• [Task description]:
Copy each line from the data that has the word "black" in it.

===== Data for this exercise =====

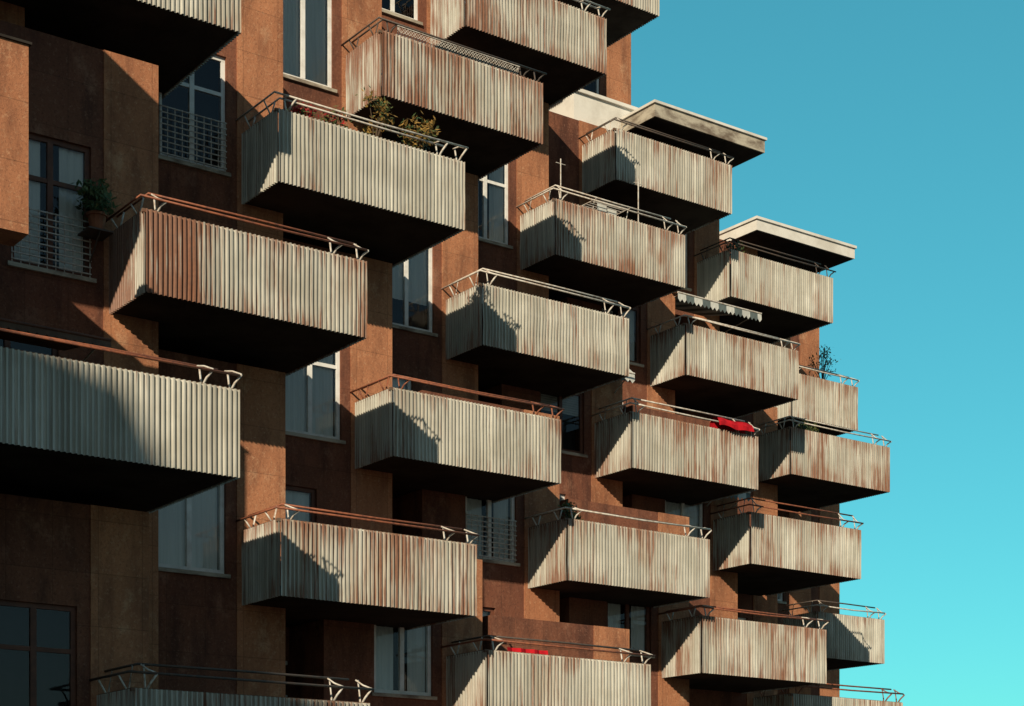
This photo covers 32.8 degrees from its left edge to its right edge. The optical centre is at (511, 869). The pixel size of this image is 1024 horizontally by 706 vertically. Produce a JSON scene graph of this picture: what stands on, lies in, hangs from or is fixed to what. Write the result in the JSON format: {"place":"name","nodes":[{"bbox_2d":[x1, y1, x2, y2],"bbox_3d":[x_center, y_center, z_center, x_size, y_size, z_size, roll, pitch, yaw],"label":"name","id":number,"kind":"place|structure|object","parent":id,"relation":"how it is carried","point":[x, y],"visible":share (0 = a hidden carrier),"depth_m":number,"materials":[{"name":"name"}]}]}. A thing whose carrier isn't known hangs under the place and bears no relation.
{"place":"outdoors","nodes":[
{"label":"outdoors","id":0,"kind":"place"},
{"bbox_2d":[631,0,1023,705],"label":"sky","id":1,"kind":"structure","parent":0,"point":[893,130],"materials":[{"name":"blue"}]},
{"bbox_3d":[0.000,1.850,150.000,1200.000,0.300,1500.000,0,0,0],"label":"ground","id":2,"kind":"structure","parent":0,"visible":0},
{"bbox_2d":[0,1,24,26],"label":"wall bay","id":3,"kind":"object","parent":2,"relation":"on","point":[12,13],"depth_m":24.14,"materials":[{"name":"brown paint"}]},
{"bbox_2d":[0,0,240,99],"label":"balcony","id":4,"kind":"structure","parent":3,"relation":"attached to","point":[178,42],"depth_m":24.84,"materials":[{"name":"metal"}]},
{"bbox_2d":[0,493,148,705],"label":"wall bay","id":5,"kind":"object","parent":2,"relation":"on","point":[90,563],"depth_m":22.90,"materials":[{"name":"brown stone"}]},
{"bbox_2d":[0,600,75,705],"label":"window set","id":6,"kind":"structure","parent":5,"relation":"attached to","point":[35,651],"depth_m":22.71,"materials":[{"name":"black glass"}]},
{"bbox_2d":[89,663,373,705],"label":"balcony","id":7,"kind":"structure","parent":5,"relation":"attached to","point":[147,696],"depth_m":22.68,"materials":[{"name":"metal"}]},
{"bbox_2d":[0,20,157,688],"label":"wall bay","id":8,"kind":"object","parent":2,"relation":"on","point":[102,105],"depth_m":24.29,"materials":[{"name":"brown stone"}]},
{"bbox_2d":[0,133,96,356],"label":"window set","id":9,"kind":"structure","parent":8,"relation":"attached to","point":[51,243],"depth_m":24.08,"materials":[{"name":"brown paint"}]},
{"bbox_2d":[77,226,113,261],"bbox_3d":[-5.751,-8.620,24.050,0.360,0.357,0.400,0,0,-36],"label":"plant bracket","id":10,"kind":"object","parent":8,"relation":"attached to","point":[95,233],"visible":1,"depth_m":24.02,"materials":[{"name":"black metal"}]},
{"bbox_2d":[70,178,120,228],"bbox_3d":[-5.748,-9.156,23.954,0.663,0.711,0.772,0,0,0],"label":"potted plant","id":11,"kind":"object","parent":10,"relation":"on","point":[96,211],"visible":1,"depth_m":23.87,"materials":[{"name":"green plant"}]},
{"bbox_2d":[105,192,368,376],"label":"balcony","id":12,"kind":"structure","parent":8,"relation":"attached to","point":[213,292],"depth_m":24.55,"materials":[{"name":"metal"}]},
{"bbox_2d":[158,0,282,240],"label":"wall bay","id":13,"kind":"object","parent":2,"relation":"on","point":[252,53],"depth_m":27.62,"materials":[{"name":"orange paint"}]},
{"bbox_2d":[158,55,230,177],"bbox_3d":[-5.336,-9.085,27.043,1.990,7.490,0.346,0,0,-36],"label":"window set","id":14,"kind":"structure","parent":13,"relation":"attached to","point":[192,131],"depth_m":27.38,"materials":[{"name":"white paint"}]},
{"bbox_2d":[236,91,468,267],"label":"balcony","id":15,"kind":"structure","parent":13,"relation":"attached to","point":[388,201],"depth_m":27.82,"materials":[{"name":"metal"}]},
{"bbox_3d":[-2.217,-11.049,28.137,0.600,0.658,0.340,0,0,-36],"label":"plant stand","id":16,"kind":"object","parent":15,"relation":"on","visible":0},
{"bbox_2d":[355,85,396,136],"bbox_3d":[-2.205,-11.977,28.123,0.669,1.194,0.604,0,0,-38],"label":"flowering plant","id":17,"kind":"object","parent":16,"relation":"on","point":[379,112],"visible":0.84,"depth_m":28.09,"materials":[{"name":"green plant"}]},
{"bbox_3d":[-1.530,-11.049,28.637,0.600,0.658,0.340,0,0,-36],"label":"plant stand","id":18,"kind":"object","parent":15,"relation":"on","visible":0},
{"bbox_2d":[396,110,440,149],"bbox_3d":[-1.540,-11.901,28.612,0.749,1.041,0.688,0,0,0],"label":"flowering plant","id":19,"kind":"object","parent":18,"relation":"on","point":[427,128],"visible":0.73,"depth_m":28.50,"materials":[{"name":"green plant"}]},
{"bbox_3d":[-2.841,-11.049,27.719,0.600,0.658,0.340,0,0,-36],"label":"plant stand","id":20,"kind":"object","parent":15,"relation":"on","visible":0},
{"bbox_2d":[320,106,351,127],"bbox_3d":[-2.844,-11.767,27.722,0.563,0.775,0.485,0,0,-24],"label":"flowering plant","id":21,"kind":"object","parent":20,"relation":"on","point":[326,118],"visible":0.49,"depth_m":27.65,"materials":[{"name":"green plant"}]},
{"bbox_3d":[-3.326,-11.049,27.366,0.600,0.658,0.340,0,0,-36],"label":"plant stand","id":22,"kind":"object","parent":15,"relation":"on","visible":0},
{"bbox_2d":[284,101,318,117],"bbox_3d":[-3.314,-11.754,27.346,0.541,0.747,0.553,0,0,0],"label":"flowering plant","id":23,"kind":"object","parent":22,"relation":"on","point":[297,109],"visible":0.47,"depth_m":27.28,"materials":[{"name":"red plant"}]},
{"bbox_2d":[158,349,284,696],"bbox_3d":[-7.364,-2.950,29.364,3.080,9.300,9.020,0,0,-36],"label":"wall bay","id":24,"kind":"object","parent":2,"relation":"on","point":[209,622],"depth_m":26.15,"materials":[{"name":"brown stone"}]},
{"bbox_2d":[158,485,230,578],"bbox_3d":[-4.816,-2.505,25.817,1.260,7.490,0.346,0,0,-36],"label":"window set","id":25,"kind":"structure","parent":24,"relation":"attached to","point":[187,535],"depth_m":25.89,"materials":[{"name":"grey glass"}]},
{"bbox_2d":[283,0,381,137],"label":"wall bay","id":26,"kind":"object","parent":2,"relation":"on","point":[350,18],"depth_m":30.86,"materials":[{"name":"brown stone"}]},
{"bbox_2d":[283,0,336,93],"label":"window set","id":27,"kind":"structure","parent":26,"relation":"attached to","point":[304,42],"depth_m":30.63,"materials":[{"name":"white paint"}]},
{"bbox_2d":[341,17,546,179],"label":"balcony","id":28,"kind":"structure","parent":26,"relation":"attached to","point":[490,116],"depth_m":31.01,"materials":[{"name":"metal"}]},
{"bbox_2d":[283,238,391,660],"bbox_3d":[-5.954,-4.350,32.614,3.080,12.100,9.020,0,0,-36],"label":"wall bay","id":29,"kind":"object","parent":2,"relation":"on","point":[332,476],"depth_m":29.43,"materials":[{"name":"brown paint"}]},
{"bbox_2d":[285,351,345,696],"bbox_3d":[-3.701,-5.305,28.852,1.990,7.490,0.346,0,0,-36],"label":"window set","id":30,"kind":"structure","parent":29,"relation":"attached to","point":[308,402],"depth_m":29.05,"materials":[{"name":"grey glass"}]},
{"bbox_2d":[285,559,481,705],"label":"wall bay","id":31,"kind":"object","parent":2,"relation":"on","point":[334,648],"depth_m":28.29,"materials":[{"name":"brown stone"}]},
{"bbox_2d":[236,503,478,630],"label":"balcony","id":32,"kind":"structure","parent":31,"relation":"attached to","point":[358,575],"depth_m":26.21,"materials":[{"name":"metal"}]},
{"bbox_2d":[371,625,436,699],"bbox_3d":[-2.151,-2.240,28.573,1.990,4.960,0.346,0,0,-36],"label":"window set","id":33,"kind":"structure","parent":31,"relation":"attached to","point":[399,662],"depth_m":28.91,"materials":[{"name":"grey glass"}]},
{"bbox_2d":[382,0,430,44],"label":"wall bay","id":34,"kind":"object","parent":2,"relation":"on","point":[424,11],"depth_m":34.05,"materials":[{"name":"orange paint"}]},
{"bbox_2d":[382,0,422,82],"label":"window set","id":35,"kind":"structure","parent":34,"relation":"attached to","point":[400,9],"depth_m":34.03,"materials":[{"name":"white paint"}]},
{"bbox_2d":[430,0,610,107],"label":"balcony","id":36,"kind":"structure","parent":34,"relation":"attached to","point":[562,45],"depth_m":34.45,"materials":[{"name":"metal"}]},
{"bbox_2d":[392,172,477,400],"bbox_3d":[-4.544,-5.750,35.864,3.080,14.900,9.020,0,0,-36],"label":"wall bay","id":37,"kind":"object","parent":2,"relation":"on","point":[421,356],"depth_m":32.67,"materials":[{"name":"brown paint"}]},
{"bbox_2d":[392,248,437,402],"bbox_3d":[-2.291,-8.105,32.102,1.990,7.490,0.346,0,0,-36],"label":"window set","id":38,"kind":"structure","parent":37,"relation":"attached to","point":[409,290],"depth_m":32.47,"materials":[{"name":"white paint"}]},
{"bbox_2d":[392,390,558,621],"bbox_3d":[-3.004,-3.435,35.634,3.080,10.270,9.020,0,0,-36],"label":"wall bay","id":39,"kind":"object","parent":2,"relation":"on","point":[507,591],"depth_m":32.15,"materials":[{"name":"brown paint"}]},
{"bbox_2d":[350,374,564,503],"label":"balcony","id":40,"kind":"structure","parent":39,"relation":"attached to","point":[477,451],"depth_m":29.51,"materials":[{"name":"metal"}]},
{"bbox_2d":[466,497,519,616],"bbox_3d":[-0.751,-3.775,31.872,1.990,7.490,0.346,0,0,-36],"label":"window set","id":41,"kind":"structure","parent":39,"relation":"attached to","point":[487,521],"depth_m":32.12,"materials":[{"name":"grey glass"}]},
{"bbox_2d":[478,102,548,298],"bbox_3d":[-3.134,-7.150,39.114,3.080,17.700,9.020,0,0,-36],"label":"wall bay","id":42,"kind":"object","parent":2,"relation":"on","point":[528,175],"depth_m":35.93,"materials":[{"name":"brown stone"}]},
{"bbox_2d":[478,164,512,302],"bbox_3d":[-0.881,-10.905,35.352,1.990,7.490,0.346,0,0,-36],"label":"window set","id":43,"kind":"structure","parent":42,"relation":"attached to","point":[491,186],"depth_m":35.76,"materials":[{"name":"white paint"}]},
{"bbox_2d":[478,303,622,506],"bbox_3d":[-1.604,-4.835,38.934,3.080,13.070,9.020,0,0,-36],"label":"wall bay","id":44,"kind":"object","parent":2,"relation":"on","point":[579,481],"depth_m":35.67,"materials":[{"name":"brown stone"}]},
{"bbox_2d":[441,268,630,398],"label":"balcony","id":45,"kind":"structure","parent":44,"relation":"attached to","point":[545,346],"depth_m":32.81,"materials":[{"name":"metal"}]},
{"bbox_2d":[540,393,587,500],"bbox_3d":[0.649,-6.575,35.172,1.990,7.490,0.346,0,0,-36],"label":"window set","id":46,"kind":"structure","parent":44,"relation":"attached to","point":[570,412],"depth_m":35.63,"materials":[{"name":"brown paint"}]},
{"bbox_2d":[614,369,634,393],"bbox_3d":[2.034,-10.240,35.675,0.800,0.760,0.566,0,0,-36],"label":"awning","id":47,"kind":"object","parent":44,"relation":"attached to","point":[631,376],"visible":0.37,"depth_m":35.66,"materials":[{"name":"white fabric"}]},
{"bbox_2d":[482,615,628,705],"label":"wall bay","id":48,"kind":"object","parent":2,"relation":"on","point":[496,625],"depth_m":30.74,"materials":[{"name":"brown paint"}]},
{"bbox_2d":[441,635,654,705],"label":"balcony","id":49,"kind":"structure","parent":48,"relation":"attached to","point":[522,679],"depth_m":28.99,"materials":[{"name":"metal"}]},
{"bbox_2d":[507,647,547,654],"bbox_3d":[0.254,-3.570,28.898,0.840,0.200,0.100,0,0,-36],"label":"red towel","id":50,"kind":"object","parent":49,"relation":"hanging from","point":[534,651],"visible":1,"depth_m":28.94,"materials":[{"name":"fabric"}]},
{"bbox_2d":[549,111,607,221],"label":"wall bay","id":51,"kind":"object","parent":2,"relation":"on","point":[565,142],"depth_m":38.99,"materials":[{"name":"brown paint"}]},
{"bbox_2d":[578,117,733,234],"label":"balcony","id":52,"kind":"structure","parent":51,"relation":"attached to","point":[691,191],"depth_m":39.26,"materials":[{"name":"metal"}]},
{"bbox_2d":[593,33,630,104],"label":"wall bay","id":53,"kind":"object","parent":2,"relation":"on","point":[615,82],"depth_m":44.17,"materials":[{"name":"orange paint"}]},
{"bbox_2d":[584,79,598,93],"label":"window set","id":54,"kind":"structure","parent":53,"relation":"attached to","point":[589,87],"depth_m":43.89,"materials":[{"name":"glass"}]},
{"bbox_2d":[555,222,674,413],"bbox_3d":[-0.204,-6.235,42.234,3.080,15.870,9.020,0,0,-36],"label":"wall bay","id":55,"kind":"object","parent":2,"relation":"on","point":[657,311],"depth_m":39.02,"materials":[{"name":"brown paint"}]},
{"bbox_2d":[516,185,686,313],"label":"balcony","id":56,"kind":"structure","parent":55,"relation":"attached to","point":[629,263],"depth_m":36.06,"materials":[{"name":"metal"}]},
{"bbox_2d":[556,159,564,198],"bbox_3d":[0.993,-13.520,35.516,0.240,1.960,0.024,0,0,-36],"label":"post","id":57,"kind":"object","parent":56,"relation":"on","point":[560,175],"visible":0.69,"depth_m":35.51,"materials":[{"name":"grey metal"}]},
{"bbox_2d":[582,199,629,217],"bbox_3d":[1.934,-13.184,36.355,0.920,1.293,0.550,0,0,-36],"label":"clothes airer","id":58,"kind":"object","parent":56,"relation":"on","point":[601,207],"visible":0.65,"depth_m":36.22,"materials":[{"name":"white metal"}]},
{"bbox_2d":[634,179,642,221],"bbox_3d":[2.650,-13.520,36.544,0.240,1.960,0.024,0,0,-36],"label":"clothesline post","id":59,"kind":"object","parent":56,"relation":"on","point":[638,197],"visible":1,"depth_m":36.53,"materials":[{"name":"grey metal"}]},
{"bbox_2d":[601,306,643,367],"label":"window set","id":60,"kind":"structure","parent":55,"relation":"attached to","point":[630,317],"depth_m":38.94,"materials":[{"name":"brown paint"}]},
{"bbox_2d":[673,291,761,332],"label":"awning","id":61,"kind":"object","parent":55,"relation":"attached to","point":[692,304],"visible":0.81,"depth_m":40.46,"materials":[{"name":"white fabric"}]},
{"bbox_2d":[646,314,800,419],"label":"balcony","id":62,"kind":"structure","parent":55,"relation":"attached to","point":[727,375],"depth_m":39.17,"materials":[{"name":"metal"}]},
{"bbox_2d":[559,498,688,705],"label":"wall bay","id":63,"kind":"object","parent":2,"relation":"on","point":[667,691],"depth_m":34.88,"materials":[{"name":"brown paint"}]},
{"bbox_2d":[523,507,711,607],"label":"balcony","id":64,"kind":"structure","parent":63,"relation":"attached to","point":[617,564],"depth_m":32.44,"materials":[{"name":"metal"}]},
{"bbox_2d":[607,602,654,657],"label":"window set","id":65,"kind":"structure","parent":63,"relation":"attached to","point":[626,616],"depth_m":34.82,"materials":[{"name":"black glass"}]},
{"bbox_2d":[623,405,737,664],"bbox_3d":[1.176,-4.140,41.934,3.080,11.680,9.020,0,0,-36],"label":"wall bay","id":66,"kind":"object","parent":2,"relation":"on","point":[723,588],"depth_m":38.72,"materials":[{"name":"brown stone"}]},
{"bbox_2d":[591,397,759,505],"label":"balcony","id":67,"kind":"structure","parent":66,"relation":"attached to","point":[678,462],"depth_m":35.79,"materials":[{"name":"metal"}]},
{"bbox_2d":[710,417,753,433],"bbox_3d":[4.600,-9.230,36.484,1.000,0.364,0.334,0,0,-36],"label":"red blanket","id":68,"kind":"object","parent":67,"relation":"on","point":[727,425],"visible":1,"depth_m":36.42,"materials":[{"name":"fabric"}]},
{"bbox_2d":[665,500,701,537],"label":"window set","id":69,"kind":"structure","parent":66,"relation":"attached to","point":[693,514],"depth_m":38.60,"materials":[{"name":"grey glass"}]},
{"bbox_2d":[707,492,750,507],"bbox_3d":[4.774,-8.450,38.645,0.900,0.760,0.566,0,0,-36],"label":"awning","id":70,"kind":"object","parent":66,"relation":"attached to","point":[743,496],"visible":0.26,"depth_m":38.59,"materials":[{"name":"grey fabric"}]},
{"bbox_2d":[658,605,829,693],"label":"balcony","id":71,"kind":"structure","parent":66,"relation":"attached to","point":[742,656],"depth_m":34.96,"materials":[{"name":"metal"}]},
{"bbox_2d":[710,497,863,595],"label":"balcony","id":72,"kind":"structure","parent":66,"relation":"attached to","point":[789,554],"depth_m":38.78,"materials":[{"name":"metal"}]},
{"bbox_2d":[675,220,718,367],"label":"wall bay","id":73,"kind":"object","parent":2,"relation":"on","point":[699,239],"depth_m":42.37,"materials":[{"name":"brown stone"}]},
{"bbox_2d":[682,234,691,291],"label":"window set","id":74,"kind":"structure","parent":73,"relation":"attached to","point":[688,289],"depth_m":42.23,"materials":[{"name":"white paint"}]},
{"bbox_2d":[694,237,835,343],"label":"balcony","id":75,"kind":"structure","parent":73,"relation":"attached to","point":[787,301],"depth_m":42.48,"materials":[{"name":"metal"}]},
{"bbox_2d":[675,407,777,694],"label":"wall bay","id":76,"kind":"object","parent":2,"relation":"on","point":[768,492],"depth_m":42.60,"materials":[{"name":"brown stone"}]},
{"bbox_2d":[754,416,890,512],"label":"balcony","id":77,"kind":"structure","parent":76,"relation":"attached to","point":[825,470],"depth_m":42.62,"materials":[{"name":"metal"}]},
{"bbox_2d":[689,689,773,705],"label":"wall bay","id":78,"kind":"object","parent":2,"relation":"on","point":[698,697],"depth_m":37.80,"materials":[{"name":"brown stone"}]},
{"bbox_2d":[753,683,904,705],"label":"balcony","id":79,"kind":"structure","parent":78,"relation":"attached to","point":[783,699],"depth_m":38.03,"materials":[{"name":"metal"}]},
{"bbox_2d":[719,239,757,263],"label":"wall bay","id":80,"kind":"object","parent":2,"relation":"on","point":[749,251],"depth_m":45.82,"materials":[{"name":"brown stone"}]},
{"bbox_2d":[719,216,856,272],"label":"roof canopy","id":81,"kind":"object","parent":80,"relation":"on","point":[827,252],"visible":0.36,"depth_m":45.91,"materials":[{"name":"concrete"}]},
{"bbox_2d":[776,365,859,440],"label":"balcony","id":82,"kind":"structure","parent":80,"relation":"attached to","point":[827,402],"depth_m":44.81,"materials":[{"name":"metal"}]},
{"bbox_2d":[773,338,789,348],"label":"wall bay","id":83,"kind":"object","parent":2,"relation":"on","point":[783,344],"depth_m":49.23,"materials":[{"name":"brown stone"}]},
{"bbox_2d":[778,440,810,705],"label":"wall bay","id":84,"kind":"object","parent":2,"relation":"on","point":[797,596],"depth_m":46.33,"materials":[{"name":"brown stone"}]},
{"bbox_2d":[778,593,786,603],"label":"window set","id":85,"kind":"structure","parent":84,"relation":"attached to","point":[780,601],"depth_m":46.10,"materials":[{"name":"grey glass"}]},
{"bbox_2d":[781,600,885,670],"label":"balcony","id":86,"kind":"structure","parent":84,"relation":"attached to","point":[854,641],"depth_m":43.93,"materials":[{"name":"metal"}]},
{"bbox_2d":[790,328,818,410],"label":"wall bay","id":87,"kind":"object","parent":2,"relation":"on","point":[808,347],"depth_m":52.40,"materials":[{"name":"brown stone"}]},
{"bbox_2d":[811,504,839,696],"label":"wall bay","id":88,"kind":"object","parent":2,"relation":"on","point":[831,592],"depth_m":50.18,"materials":[{"name":"brown stone"}]},
{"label":"wall bay","id":89,"kind":"object","parent":2,"relation":"on","visible":0},
{"bbox_2d":[558,0,658,46],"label":"balcony","id":90,"kind":"structure","parent":89,"relation":"attached to","point":[624,17],"depth_m":38.51,"materials":[{"name":"metal"}]},
{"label":"wall bay","id":91,"kind":"object","parent":2,"relation":"on","visible":0},
{"bbox_2d":[0,33,31,246],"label":"projecting wall","id":92,"kind":"structure","parent":91,"relation":"attached to","point":[14,141],"depth_m":19.91,"materials":[{"name":"orange stone"}]},
{"bbox_2d":[0,318,111,361],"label":"awning","id":93,"kind":"object","parent":91,"relation":"attached to","point":[9,324],"visible":0.76,"depth_m":22.40,"materials":[{"name":"brown paint"}]},
{"bbox_2d":[0,328,242,513],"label":"balcony","id":94,"kind":"structure","parent":91,"relation":"attached to","point":[78,432],"depth_m":21.50,"materials":[{"name":"metal"}]},
{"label":"wall bay","id":95,"kind":"object","parent":2,"relation":"on","visible":0},
{"bbox_2d":[549,89,766,172],"bbox_3d":[2.406,-17.218,41.774,4.860,0.725,5.540,0,0,-36],"label":"roof canopy","id":96,"kind":"object","parent":95,"relation":"on","point":[740,146],"visible":0.36,"depth_m":39.78,"materials":[{"name":"concrete"}]},
{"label":"plant stand","id":97,"kind":"object","parent":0,"visible":0},
{"bbox_2d":[722,242,744,259],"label":"potted plant","id":98,"kind":"object","parent":97,"relation":"on","point":[730,247],"visible":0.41,"depth_m":42.07,"materials":[{"name":"green plant"}]},
{"bbox_3d":[1.068,-5.764,32.118,0.600,0.708,0.340,0,0,-36],"label":"plant stand","id":99,"kind":"object","parent":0,"visible":0},
{"bbox_2d":[558,500,582,535],"bbox_3d":[1.082,-6.456,32.094,0.503,0.672,0.617,0,0,0],"label":"potted plant","id":100,"kind":"object","parent":99,"relation":"on","point":[568,512],"visible":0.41,"depth_m":32.00,"materials":[{"name":"green plant"}]},
{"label":"plant stand","id":101,"kind":"object","parent":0,"visible":0},
{"bbox_2d":[793,418,819,431],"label":"potted plant","id":102,"kind":"object","parent":101,"relation":"on","point":[806,427],"visible":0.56,"depth_m":42.47,"materials":[{"name":"green plant"}]},
{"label":"plant stand","id":103,"kind":"object","parent":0,"visible":0},
{"bbox_2d":[808,344,840,379],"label":"tall potted plant","id":104,"kind":"object","parent":103,"relation":"on","point":[823,367],"visible":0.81,"depth_m":45.34,"materials":[{"name":"green plant"}]}
]}

=====

• [Reply]:
{"bbox_2d":[0,600,75,705],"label":"window set","id":6,"kind":"structure","parent":5,"relation":"attached to","point":[35,651],"depth_m":22.71,"materials":[{"name":"black glass"}]},
{"bbox_2d":[77,226,113,261],"bbox_3d":[-5.751,-8.620,24.050,0.360,0.357,0.400,0,0,-36],"label":"plant bracket","id":10,"kind":"object","parent":8,"relation":"attached to","point":[95,233],"visible":1,"depth_m":24.02,"materials":[{"name":"black metal"}]},
{"bbox_2d":[607,602,654,657],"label":"window set","id":65,"kind":"structure","parent":63,"relation":"attached to","point":[626,616],"depth_m":34.82,"materials":[{"name":"black glass"}]},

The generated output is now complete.